• EXERCISE PROMPT:
Only one stretch of the data below should be repeated: the lines from the line containing "tree height: > 5 m" through the line containing "longitude: 2.9036", inclusive, exactly as they are.

• STORED DATA:
= = = = =
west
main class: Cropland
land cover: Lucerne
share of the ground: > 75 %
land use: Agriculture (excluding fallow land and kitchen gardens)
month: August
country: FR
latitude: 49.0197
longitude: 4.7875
= = = = =
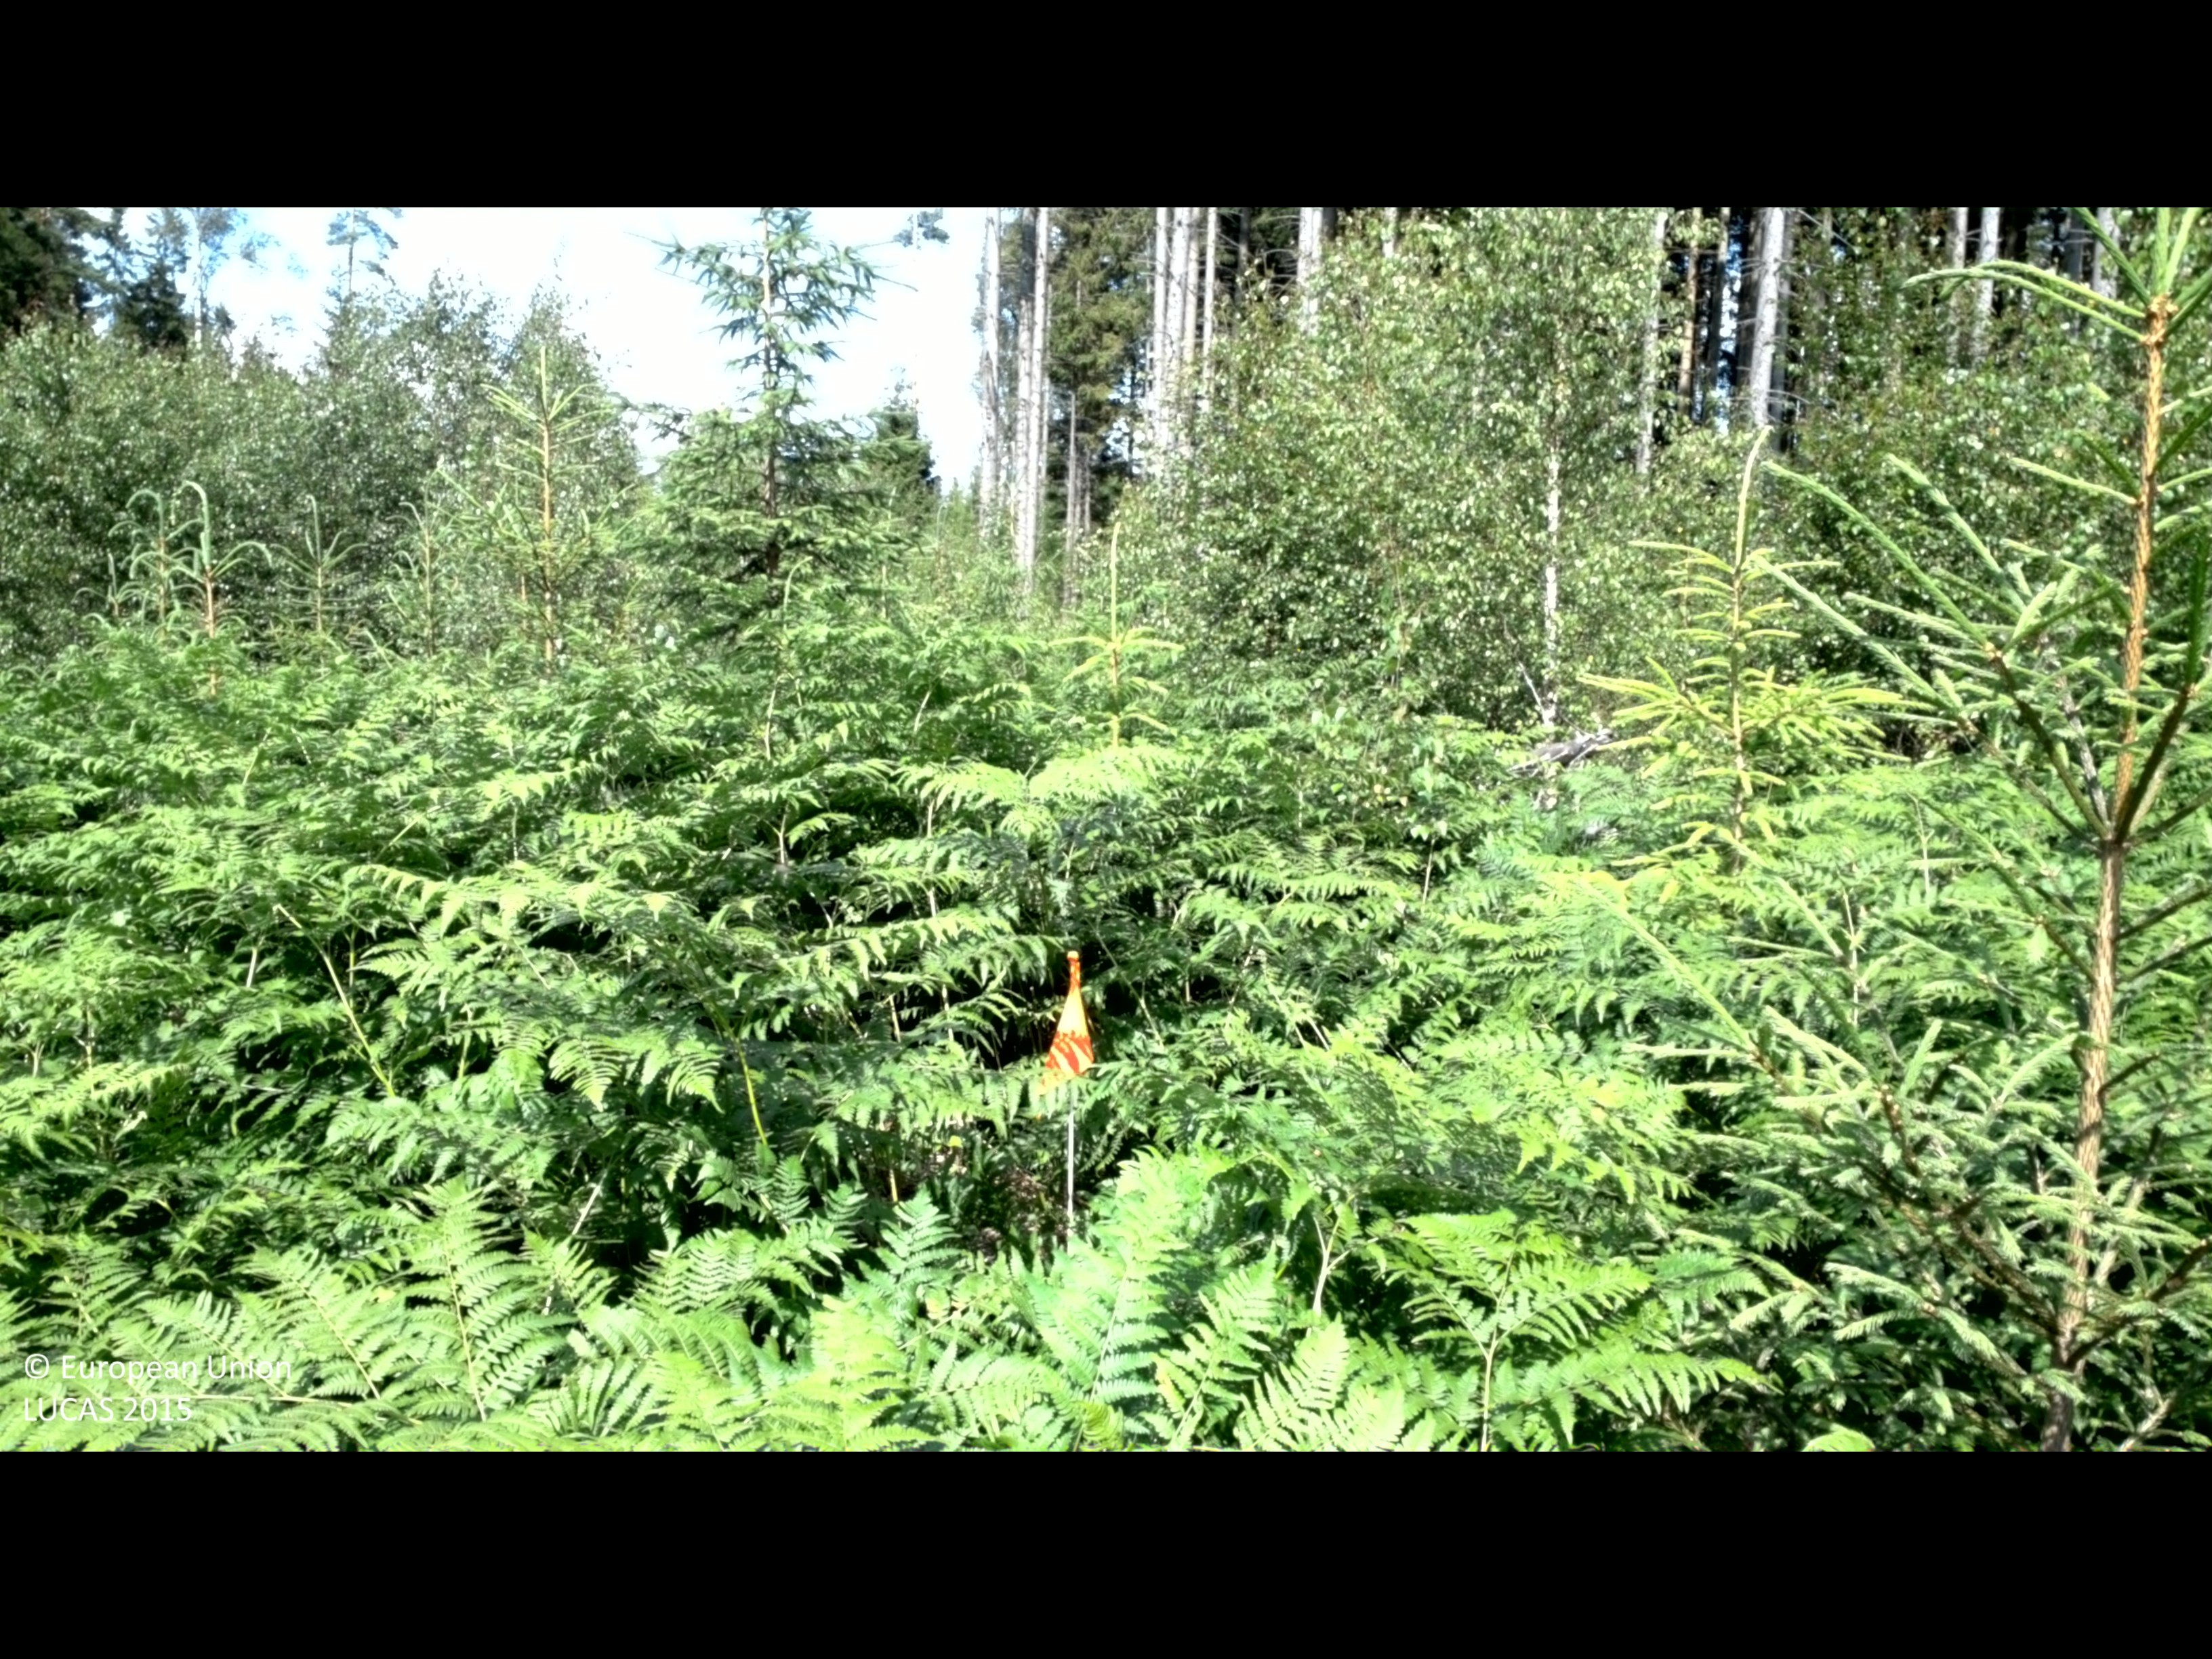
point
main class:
= = = = =
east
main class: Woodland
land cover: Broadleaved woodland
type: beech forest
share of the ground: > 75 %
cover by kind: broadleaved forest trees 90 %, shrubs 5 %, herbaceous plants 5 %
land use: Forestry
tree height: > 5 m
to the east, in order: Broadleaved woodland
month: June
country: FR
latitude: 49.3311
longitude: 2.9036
= = = = =
• SOLVED PROBLEM:
tree height: > 5 m
to the east, in order: Broadleaved woodland
month: June
country: FR
latitude: 49.3311
longitude: 2.9036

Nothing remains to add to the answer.